--- What is needed ---
Copy out the records in full, word for word, without pictures.

--- Working data ---
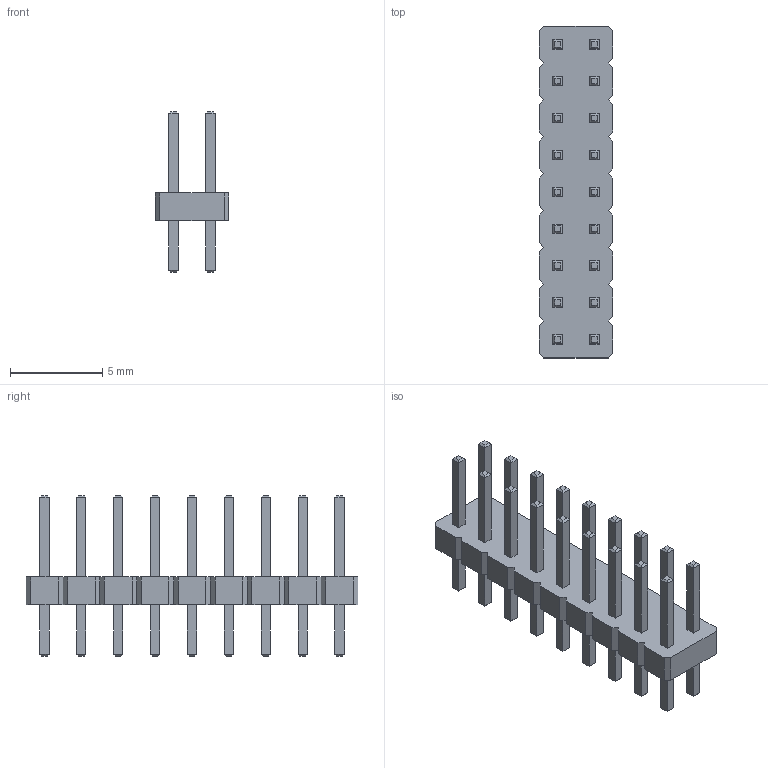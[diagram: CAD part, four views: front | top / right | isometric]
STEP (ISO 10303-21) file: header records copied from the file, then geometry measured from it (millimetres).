
FILE_DESCRIPTION(('FreeCAD Model'),'2;1');
FILE_NAME('./generated_pinheaders//PinHeader_Straight_2x09x2.00mm.step', '2016-03-29T23:03:10',('Author'),(''), 'Open CASCADE STEP processor 6.8','FreeCAD','Unknown');
FILE_SCHEMA(('AUTOMOTIVE_DESIGN_CC2 { 1 2 10303 214 -1 1 5 4 }'));
Length unit declared in the file: millimetre
Products named in the file (1): PinHeader_Straight_2x09x200mm
Bounding box: 4 x 18 x 8.7 mm (x, y, z)
Volume: 138.4 mm3; surface area: 466.2 mm2
Topology: 1 solids, 1 shells, 382 faces, 888 edges, 544 vertices
Faces by surface type: plane 382
Entity records: 24383 total; most frequent: CARTESIAN_POINT 3879, DIRECTION 3142, LINE 2376, VECTOR 2376, ORIENTED_EDGE 1776, PCURVE 1776, DEFINITIONAL_REPRESENTATION 1776, EDGE_CURVE 888

--- Task output ---
[diagram: CAD part, four views: front | top / right | isometric]
STEP (ISO 10303-21) file: header records copied from the file, then geometry measured from it (millimetres).
FILE_DESCRIPTION(('FreeCAD Model'),'2;1');
FILE_NAME('./generated_pinheaders//PinHeader_Straight_2x09x2.00mm.step', '2016-03-29T23:03:10',('Author'),(''), 'Open CASCADE STEP processor 6.8','FreeCAD','Unknown');
FILE_SCHEMA(('AUTOMOTIVE_DESIGN_CC2 { 1 2 10303 214 -1 1 5 4 }'));
Length unit declared in the file: millimetre
Products named in the file (1): PinHeader_Straight_2x09x200mm
Bounding box: 4 x 18 x 8.7 mm (x, y, z)
Volume: 138.4 mm3; surface area: 466.2 mm2
Topology: 1 solids, 1 shells, 382 faces, 888 edges, 544 vertices
Faces by surface type: plane 382
Entity records: 24383 total; most frequent: CARTESIAN_POINT 3879, DIRECTION 3142, LINE 2376, VECTOR 2376, ORIENTED_EDGE 1776, PCURVE 1776, DEFINITIONAL_REPRESENTATION 1776, EDGE_CURVE 888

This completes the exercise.